Jeff Bezos tells Amazon staff grappling with pandemic: ‘People are depending on us’
Amazon.com Inc. Chief Executive Jeff Bezos has told company employees that “people are depending on us” as it scrambles to keep up with deliveries to customers during the coronavirus pandemic.
Bezos (pictured), in his letter shared Saturday with employees via his personal Instagram account, also outlined the steps the company is taking to keep its workers safe. He encouraged those who have already lost their jobs during the outbreak to consider working for the retail giant.
“Across the world, people are feeling the economic effects of the crisis, and I’m sad to tell you I predict things are going to get worse before they get better,” the founder wrote.
Businesses around the world are currently grappling with closures that have been put in place to try and stem the spread of the coronavirus, which has killed 417 people in the U.S. as of Sunday. There are more than 14,000 total deaths around the world and more than 335,000 cases.
Washington state, Amazon’s headquarters, is one of the hardest-hit in the U.S. with 94 deaths, ahead of New York and California. Amazon has also seen its supply chain interrupted after being forced to close down a warehouse in Queens, New York, after one of its workers there tested positive for COVID-19, the disease caused by the coronavirus.
Bezos told employees in his memo that Amazon was taking special measures to step up the intensity of cleaning and to ensure that all workers at its fulfillment centers respect social distancing.
The CEO also talked about the company’s struggle to obtain enough face masks for employees who can’t work remotely. According to Bezos, Amazon has ordered “millions” of them, but has so far been unable to take delivery. That’s because orders are being prioritized for where they’re most needed, such as at hospitals.
“Masks remain in short supply globally and are at this point being directed by governments to the highest-need facilities like hospitals and clinics,” Bezos wrote. “It’s easy to understand why the incredible medical providers serving our communities need to be first in line. When our turn for masks comes, our first priority will be getting them in the hands of our employees and partners working to get essential products to people.”
Bezos added that Amazon is looking to take on about 100,000 temporary workers to help keep up with deliveries during the crisis.
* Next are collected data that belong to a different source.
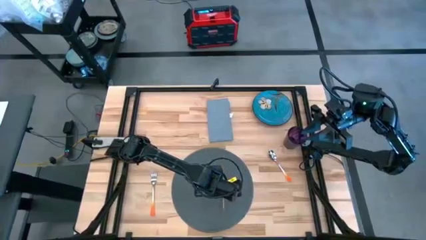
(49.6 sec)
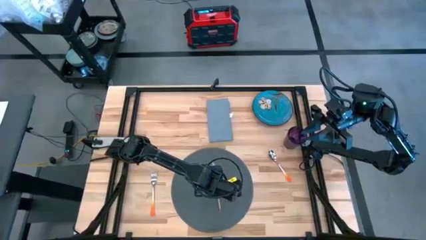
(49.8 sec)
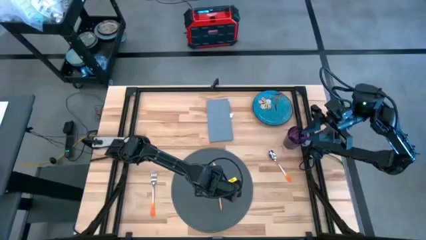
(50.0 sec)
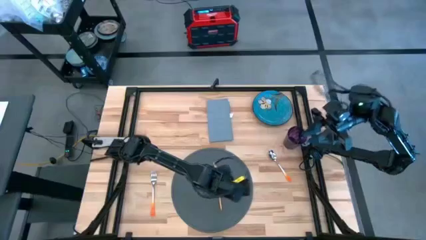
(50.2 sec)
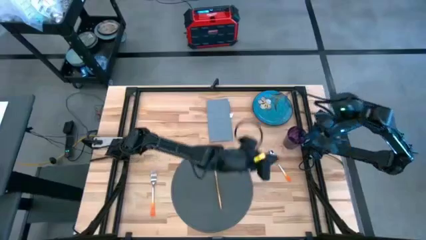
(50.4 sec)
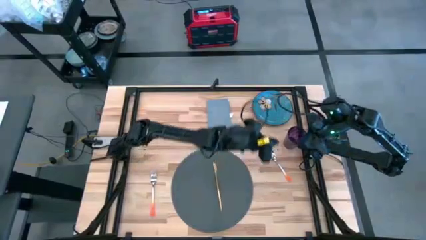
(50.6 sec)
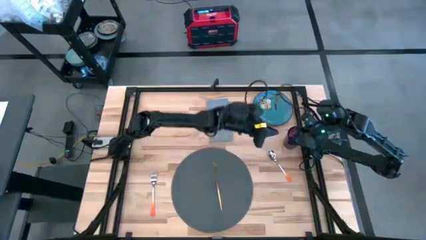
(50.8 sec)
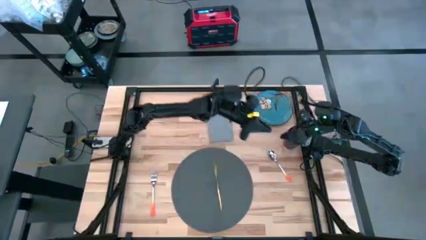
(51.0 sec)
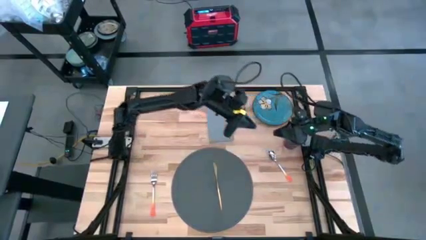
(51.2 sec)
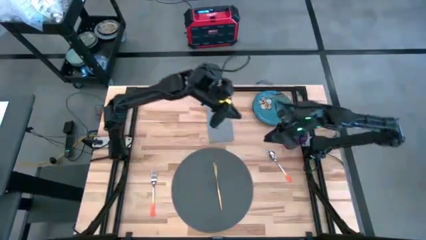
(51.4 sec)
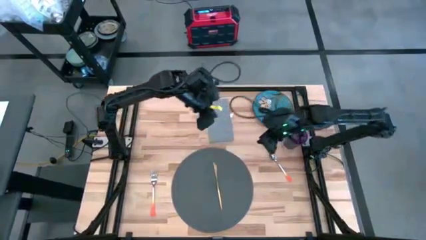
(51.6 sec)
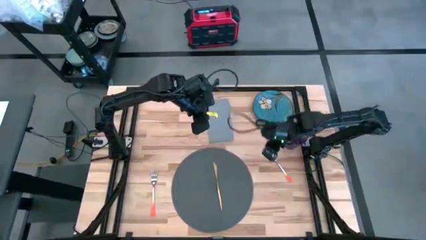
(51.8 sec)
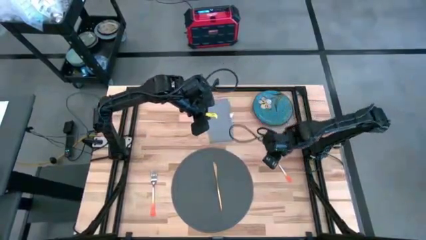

“My own time and thinking is now wholly focused on COVID-19 and how Amazon can best play its role,” Bezos wrote. “I want you to know Amazon will continue to do its part, and we won’t stop looking for new opportunities to help.”
Bezos wasn’t the only major tech CEO to reiterate to employees the important role they’re playing during the coronavirus pandemic. Microsoft Corp.’s Satya Nadella also took time out to write to workers over the weekend, thanking them for their hard work in an email that was published on LinkedIn Saturday.
“Much is unknown, and I know how unsettling and uncertain this feels,” Nadella wrote. “Like many of you, there have been times over the past weeks where it has felt overwhelming and all-encompassing for me. I worry about the health and safety of my family, my co-workers, and friends. My wife and I worry for her aging parents, who are far away from us in India. I see the struggle in our local community, and around the world, the empty streets and restaurants, and I wonder when our social fabric will be restored.”
Nadella also outlined some of the ways Microsoft is helping to fight and distribute information the pandemic, noting efforts such as the company’s Bing COVID-19 tracker and The Centers for Disease Control and Prevention’s Healthcare Bot.
The CEO said software is the “most malleable tool ever created” and that it has a huge role to play as people struggle to get on with their lives during the outbreak.
“Our unique role as a platform and tools provider allows us to connect the dots, bring together an ecosystem of partners, and enable organizations of all sizes to build the digital capability required to address these challenges,” he said.